**Try it:** Skip the images and restate every line of the records exactly.

(Stored items from a collection)
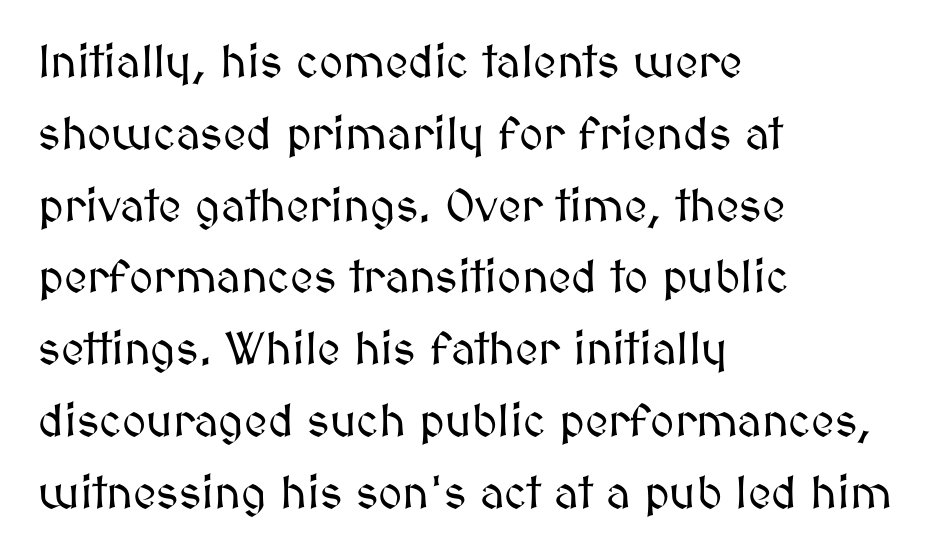
{"italic": "no", "width": "normal", "stroke_contrast": "medium", "x_height": "medium", "monospaced": "no", "underline": "no", "align": "left", "line_spacing": "normal", "line_spacing_ratio": 1.56, "letter_spacing": "normal", "letter_spacing_em": 0.0, "glyph_px": 46}
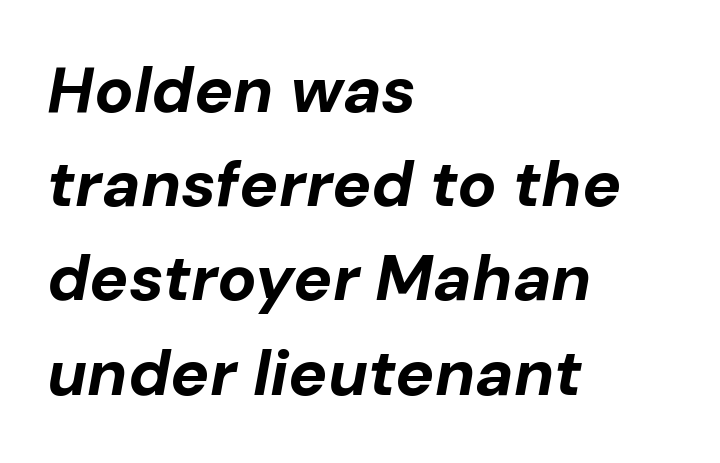
Q: Is the text bold? A: Yes.
Q: Is the text italic (slanted)? A: Yes, it leans right by about 10 degrees.
Q: Is the text underlined? A: No.
Q: How is the paragraph aligned? A: Left-aligned.
Q: Is the spacing between letters normal or unusually wide? A: Normal.
Q: Is the spacing between lines tight, normal or loose? A: Normal.
Q: Width (condensed, normal, or wide)? A: Normal.
Q: Stroke contrast? A: Low.
Q: x-height? A: Medium.
Q: Monospaced? A: No.
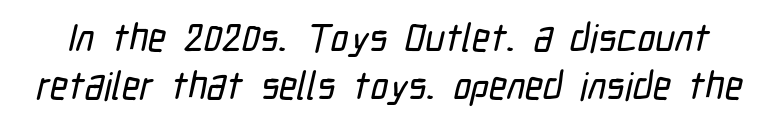
{"serif": "no", "width": "condensed", "stroke_contrast": "low", "x_height": "medium", "monospaced": "no", "underline": "no", "line_spacing_ratio": 1.24, "letter_spacing": "normal", "letter_spacing_em": 0.0, "glyph_px": 39}
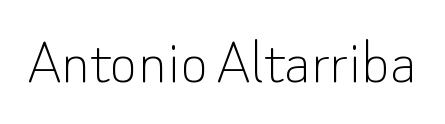
The image shows 67 px thin sans-serif type, upright; set normal letter spacing, not underlined; low stroke contrast and a small x-height.
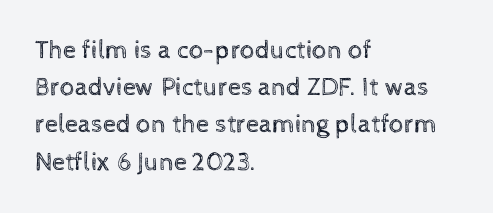
Q: Is the text bold? A: No.
Q: Is the text italic (slanted)? A: No, it is upright.
Q: Is the text underlined? A: No.
Q: How is the paragraph aligned? A: Left-aligned.
Q: Is the spacing between letters normal or unusually wide? A: Normal.
Q: Is the spacing between lines tight, normal or loose? A: Normal.
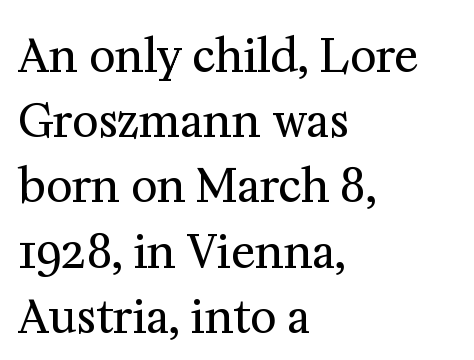
Q: Is the text bold? A: No.
Q: Is the text italic (slanted)? A: No, it is upright.
Q: Is the typeface a serif or a sans-serif typeface? A: Serif.
Q: Is the text underlined? A: No.
Q: How is the paragraph aligned? A: Left-aligned.
Q: Is the spacing between letters normal or unusually wide? A: Normal.
Q: Is the spacing between lines tight, normal or loose? A: Normal.
Q: Width (condensed, normal, or wide)? A: Normal.
Q: Stroke contrast? A: Medium.
Q: x-height? A: Medium.
Q: Monospaced? A: No.

**Result:**
{"italic": "no", "width": "normal", "stroke_contrast": "medium", "x_height": "medium", "monospaced": "no", "underline": "no", "align": "left", "line_spacing": "normal", "line_spacing_ratio": 1.56, "letter_spacing": "normal", "letter_spacing_em": 0.0, "glyph_px": 46}
Q: Is the text bold? A: Yes.
Q: Is the text italic (slanted)? A: Yes, it leans right by about 10 degrees.
Q: Is the text underlined? A: No.
Q: How is the paragraph aligned? A: Left-aligned.
Q: Is the spacing between letters normal or unusually wide? A: Normal.
Q: Is the spacing between lines tight, normal or loose? A: Normal.
Q: Width (condensed, normal, or wide)? A: Normal.
Q: Stroke contrast? A: Low.
Q: x-height? A: Medium.
Q: Monospaced? A: No.
{"serif": "no", "width": "condensed", "stroke_contrast": "low", "x_height": "medium", "monospaced": "no", "underline": "no", "line_spacing_ratio": 1.24, "letter_spacing": "normal", "letter_spacing_em": 0.0, "glyph_px": 39}
The image shows 67 px thin sans-serif type, upright; set normal letter spacing, not underlined; low stroke contrast and a small x-height.
Q: Is the text bold? A: No.
Q: Is the text italic (slanted)? A: No, it is upright.
Q: Is the text underlined? A: No.
Q: How is the paragraph aligned? A: Left-aligned.
Q: Is the spacing between letters normal or unusually wide? A: Normal.
Q: Is the spacing between lines tight, normal or loose? A: Normal.
Q: Is the text bold? A: No.
Q: Is the text italic (slanted)? A: No, it is upright.
Q: Is the typeface a serif or a sans-serif typeface? A: Serif.
Q: Is the text underlined? A: No.
Q: How is the paragraph aligned? A: Left-aligned.
Q: Is the spacing between letters normal or unusually wide? A: Normal.
Q: Is the spacing between lines tight, normal or loose? A: Normal.
Q: Width (condensed, normal, or wide)? A: Normal.
Q: Stroke contrast? A: Medium.
Q: x-height? A: Medium.
Q: Monospaced? A: No.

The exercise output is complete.